Data extracted from a collection
--- START ---
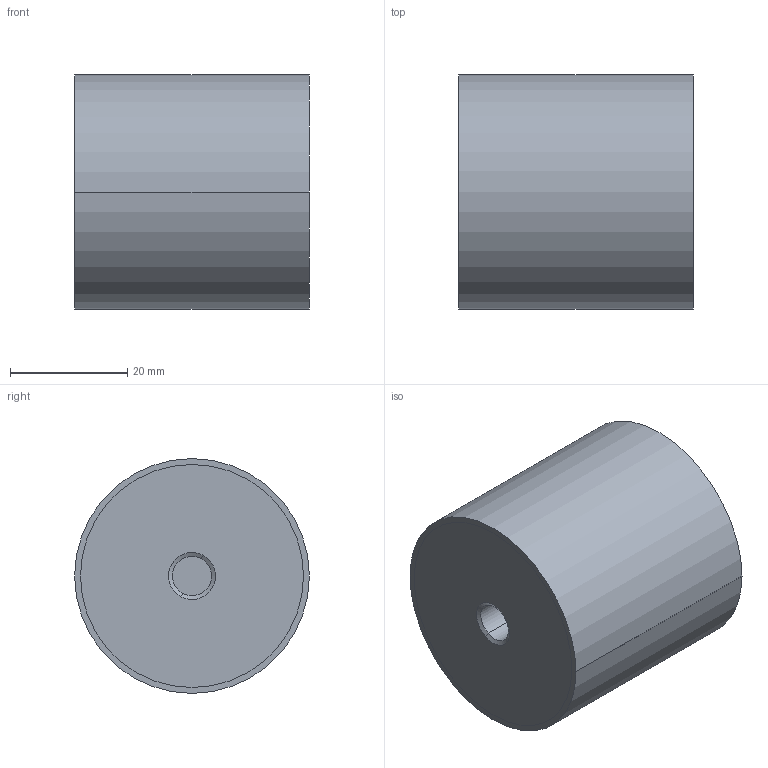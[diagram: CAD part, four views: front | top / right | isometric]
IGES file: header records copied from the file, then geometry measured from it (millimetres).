
Start section: START RECORD GO HERE.
Global section: file name: 511179-RADIAFLEX.igs; native system: DASSAULT SYSTEMES CATIA Version 5-6 Release 2013 - www.3ds.com; preprocessor: V5-6R2013_5.23.3.0.09-04-2013.20.00; author: A0H03300; organization: SD6; date: 20170606.171018; units: millimetre
Bounding box: 40 x 40 x 40 mm (x, y, z)
Surface area: 7847.3 mm2 (no closed solid volume)
Topology: 0 solids, 0 shells, 10 faces, 48 edges, 48 vertices
Faces by surface type: revolution 6, plane 4
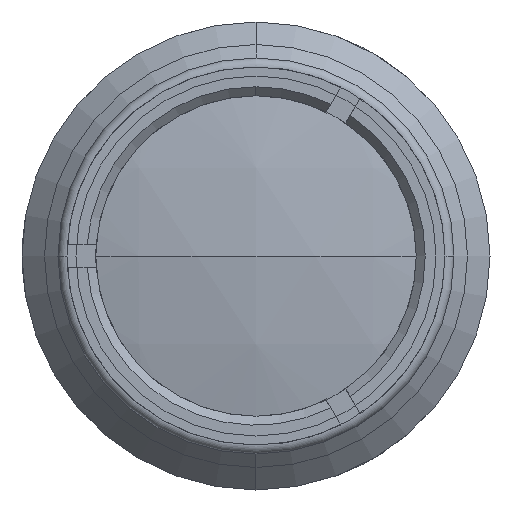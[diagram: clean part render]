
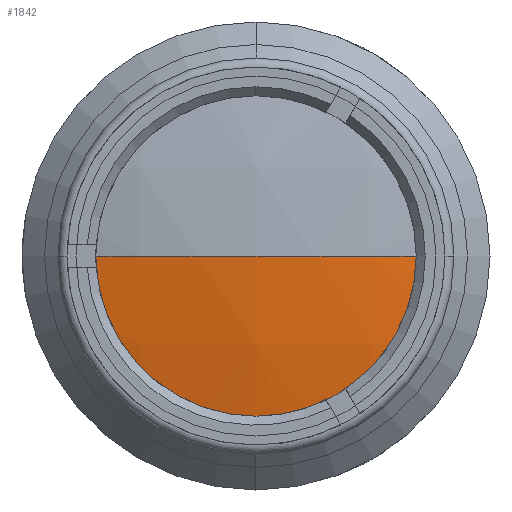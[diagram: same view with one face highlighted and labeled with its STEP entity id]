
A CAD part, left-side view. The second image highlights one B-rep face of the part: STEP entity #1842.
In plain terms, the highlighted spherical face has radius 87.5 mm.
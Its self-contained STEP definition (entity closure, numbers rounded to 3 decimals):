
#461 = CARTESIAN_POINT ( 'NONE',  ( 8.616, 0., 0. ) ) ;
#722 = DIRECTION ( 'NONE',  ( 0., -1., 0. ) ) ;
#932 = CARTESIAN_POINT ( 'NONE',  ( -78.884, 0., 0. ) ) ;
#1000 = CARTESIAN_POINT ( 'NONE',  ( -76.683, -19.5, 0. ) ) ;
#1361 = DIRECTION ( 'NONE',  ( -1., 0., 0. ) ) ;
#1386 = FACE_OUTER_BOUND ( 'NONE', #1650, .T. ) ;
#1387 = CIRCLE ( 'NONE', #2079, 19.5 ) ;
#1470 = DIRECTION ( 'NONE',  ( 0., 0., -1. ) ) ;
#1546 = ORIENTED_EDGE ( 'NONE', *, *, #3784, .F. ) ;
#1589 = VERTEX_POINT ( 'NONE', #1000 ) ;
#1637 = ORIENTED_EDGE ( 'NONE', *, *, #3749, .T. ) ;
#1650 = EDGE_LOOP ( 'NONE', ( #1820, #1637, #1546 ) ) ;
#1762 = DIRECTION ( 'NONE',  ( 0., 1., 0. ) ) ;
#1820 = ORIENTED_EDGE ( 'NONE', *, *, #3676, .T. ) ;
#1842 = ADVANCED_FACE ( 'NONE', ( #1386 ), #2657, .T. ) ;
#1934 = CARTESIAN_POINT ( 'NONE',  ( -76.683, 19.5, 0. ) ) ;
#2006 = AXIS2_PLACEMENT_3D ( 'NONE', #461, #2431, #722 ) ;
#2033 = AXIS2_PLACEMENT_3D ( 'NONE', #3431, #1470, #3791 ) ;
#2079 = AXIS2_PLACEMENT_3D ( 'NONE', #3274, #1361, #3654 ) ;
#2327 = CARTESIAN_POINT ( 'NONE',  ( 8.616, 0., 0. ) ) ;
#2431 = DIRECTION ( 'NONE',  ( 0., 0., 1. ) ) ;
#2657 = SPHERICAL_SURFACE ( 'NONE', #3011, 87.5 ) ;
#2737 = VERTEX_POINT ( 'NONE', #1934 ) ;
#3011 = AXIS2_PLACEMENT_3D ( 'NONE', #2327, #3740, #1762 ) ;
#3144 = CIRCLE ( 'NONE', #2033, 87.5 ) ;
#3274 = CARTESIAN_POINT ( 'NONE',  ( -76.683, 0., 0. ) ) ;
#3431 = CARTESIAN_POINT ( 'NONE',  ( 8.616, 0., 0. ) ) ;
#3654 = DIRECTION ( 'NONE',  ( 0., 0., 1. ) ) ;
#3676 = EDGE_CURVE ( 'NONE', #2737, #1589, #1387, .T. ) ;
#3740 = DIRECTION ( 'NONE',  ( 0., 0., -1. ) ) ;
#3749 = EDGE_CURVE ( 'NONE', #1589, #3751, #3144, .T. ) ;
#3751 = VERTEX_POINT ( 'NONE', #932 ) ;
#3762 = CIRCLE ( 'NONE', #2006, 87.5 ) ;
#3784 = EDGE_CURVE ( 'NONE', #2737, #3751, #3762, .T. ) ;
#3791 = DIRECTION ( 'NONE',  ( 0., 1., 0. ) ) ;
--- END ---
Print every line above exactly as given, but not the pictures.

* **Response area**:
[diagram: CAD part, four views: front | top / right | isometric]
IGES file: header records copied from the file, then geometry measured from it (millimetres).
Start section: START RECORD GO HERE.
Global section: file name: 511179-RADIAFLEX.igs; native system: DASSAULT SYSTEMES CATIA Version 5-6 Release 2013 - www.3ds.com; preprocessor: V5-6R2013_5.23.3.0.09-04-2013.20.00; author: A0H03300; organization: SD6; date: 20170606.171018; units: millimetre
Bounding box: 40 x 40 x 40 mm (x, y, z)
Surface area: 7847.3 mm2 (no closed solid volume)
Topology: 0 solids, 0 shells, 10 faces, 48 edges, 48 vertices
Faces by surface type: revolution 6, plane 4
[diagram: clean part render]
[diagram: same view with one face highlighted and labeled with its STEP entity id]
A CAD part, left-side view. The second image highlights one B-rep face of the part: STEP entity #1842.
In plain terms, the highlighted spherical face has radius 87.5 mm.
Its self-contained STEP definition (entity closure, numbers rounded to 3 decimals):
#461 = CARTESIAN_POINT ( 'NONE',  ( 8.616, 0., 0. ) ) ;
#722 = DIRECTION ( 'NONE',  ( 0., -1., 0. ) ) ;
#932 = CARTESIAN_POINT ( 'NONE',  ( -78.884, 0., 0. ) ) ;
#1000 = CARTESIAN_POINT ( 'NONE',  ( -76.683, -19.5, 0. ) ) ;
#1361 = DIRECTION ( 'NONE',  ( -1., 0., 0. ) ) ;
#1386 = FACE_OUTER_BOUND ( 'NONE', #1650, .T. ) ;
#1387 = CIRCLE ( 'NONE', #2079, 19.5 ) ;
#1470 = DIRECTION ( 'NONE',  ( 0., 0., -1. ) ) ;
#1546 = ORIENTED_EDGE ( 'NONE', *, *, #3784, .F. ) ;
#1589 = VERTEX_POINT ( 'NONE', #1000 ) ;
#1637 = ORIENTED_EDGE ( 'NONE', *, *, #3749, .T. ) ;
#1650 = EDGE_LOOP ( 'NONE', ( #1820, #1637, #1546 ) ) ;
#1762 = DIRECTION ( 'NONE',  ( 0., 1., 0. ) ) ;
#1820 = ORIENTED_EDGE ( 'NONE', *, *, #3676, .T. ) ;
#1842 = ADVANCED_FACE ( 'NONE', ( #1386 ), #2657, .T. ) ;
#1934 = CARTESIAN_POINT ( 'NONE',  ( -76.683, 19.5, 0. ) ) ;
#2006 = AXIS2_PLACEMENT_3D ( 'NONE', #461, #2431, #722 ) ;
#2033 = AXIS2_PLACEMENT_3D ( 'NONE', #3431, #1470, #3791 ) ;
#2079 = AXIS2_PLACEMENT_3D ( 'NONE', #3274, #1361, #3654 ) ;
#2327 = CARTESIAN_POINT ( 'NONE',  ( 8.616, 0., 0. ) ) ;
#2431 = DIRECTION ( 'NONE',  ( 0., 0., 1. ) ) ;
#2657 = SPHERICAL_SURFACE ( 'NONE', #3011, 87.5 ) ;
#2737 = VERTEX_POINT ( 'NONE', #1934 ) ;
#3011 = AXIS2_PLACEMENT_3D ( 'NONE', #2327, #3740, #1762 ) ;
#3144 = CIRCLE ( 'NONE', #2033, 87.5 ) ;
#3274 = CARTESIAN_POINT ( 'NONE',  ( -76.683, 0., 0. ) ) ;
#3431 = CARTESIAN_POINT ( 'NONE',  ( 8.616, 0., 0. ) ) ;
#3654 = DIRECTION ( 'NONE',  ( 0., 0., 1. ) ) ;
#3676 = EDGE_CURVE ( 'NONE', #2737, #1589, #1387, .T. ) ;
#3740 = DIRECTION ( 'NONE',  ( 0., 0., -1. ) ) ;
#3749 = EDGE_CURVE ( 'NONE', #1589, #3751, #3144, .T. ) ;
#3751 = VERTEX_POINT ( 'NONE', #932 ) ;
#3762 = CIRCLE ( 'NONE', #2006, 87.5 ) ;
#3784 = EDGE_CURVE ( 'NONE', #2737, #3751, #3762, .T. ) ;
#3791 = DIRECTION ( 'NONE',  ( 0., 1., 0. ) ) ;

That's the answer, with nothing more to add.